De le savoir à Sopot, « une ville dans le nord de la Pologne », semble plus nous impressionner que lui. « J’habite à Paris depuis 2007, je suis un peu habitué à la vie en Europe. » Le lieu où il se trouve serait presque anecdotique, l’essentiel est ailleurs : dans la réceptivité du public, dans le dialogue à instaurer entre lui et son auditoire. « En général, ça se passe plutôt bien, ça dépend de l’énergie qu’il y a dans la salle, mais aux Antilles, chez moi en Martinique, il y a une autre émotion. »
Grégory Privat a reçu la musique en héritage et avec elle, le piano. Comment pouvait-il en être autrement avec un père musicien – José Privat, le pianiste du célèbre groupe martiniquais Malavoi ? « J’aurais pu y échapper, mon frère n’est pas du tout pianiste même s’il est mélomane. »
Le piano dès l’enfance, à Fort-de-France, du classique, et le plaisir très vite. Des cours pendant dix ans. « Il y a eu quelque chose de physique. Très jeune, j’ai développé une manière d’approcher le piano au niveau du toucher ; la musique, c’est comme un jeu, il y a des règles et quelque chose d’esthétique, j’avais des facilités, ça a été un coup de cœur. »
« J’ai commencé à improviser et c’est là que c’est devenu plus qu’un loisir, j’ai su à cet âge que le piano allait compter dans ma vie. »
« Suivre son chemin »
Ses doigts appliqués, ses doigts qui courent jusqu’à improviser, les doigts d’un pianiste. Grégory n’a que 14 ans. « J’ai commencé à improviser et c’est là que c’est devenu plus qu’un loisir, j’ai su à cet âge que le piano allait compter dans ma vie. »
Le prodige est aussi bon élève (Bac S mention bien, une prépa), des études d’ingénieur, parce qu’il aime ça et aussi « pour faire plaisir aux parents ». Puis le choix, « le choix solitaire » : continuer à faire l’ingénieur ou s’adonner corps et âme au seul piano. « J’avais 28 ans, j’étais encore jeune, c’était un pari sur l’avenir, ça a été une des plus grandes décisions de ma vie. C’est ce que je raconte dans Las, une chanson qui fait référence au réveil, à son réveil dans la vie, décider de ce qu’on veut faire et suivre son chemin. »
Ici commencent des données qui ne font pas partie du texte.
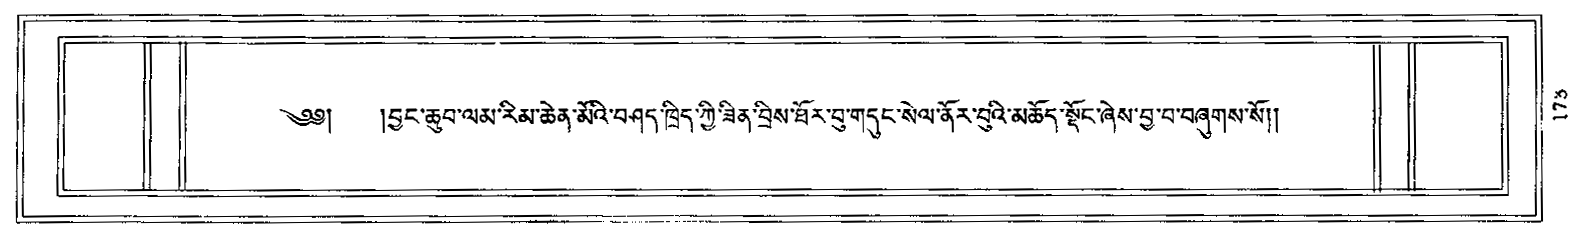༄༅། །བྱང་ཆུབ་ལམ་རིམ་ཆེན་མོའི་བཤད་ཁྲིད་ཀྱི་ཟིན་བྲིས་ཐོར་བུ་གདུང་སེལ་ནོར་བུའི་མཆོད་སྡོང་ཞེས་བྱ་བ་བཞུགས་སོ།།

À 37 ans (il les a eus au mois de décembre), l’artiste a déjà publié cinq albums. Sa musique est jazz « parce qu’il y a beaucoup d’improvisation » même s’il reste « ouvert » dans ses choix d’orchestration. « J’aime la musique dans sa globalité, il y a la musique traditionnelle des Antilles, des influences contemporaines comme le zouk et le dance hall dans mes compositions. »
« Pendant le confinement, j’ai pratiqué la musique pour ce qu’elle est, la musique à ce moment-là n’avait besoin que de la musique. »
Quand il n’est pas sur scène, quand il est privé de public comme lors du confinement, la musique est encore là. Chevillée à son corps. « Pendant le confinement, j’ai pratiqué la musique pour ce qu’elle est, j’étais d’autant plus un artiste à cette période, la musique à ce moment-là n’avait besoin que de la musique, mon art ne s’est pas amoindri. » Yonn, son nouvel album paraît en janvier 2022.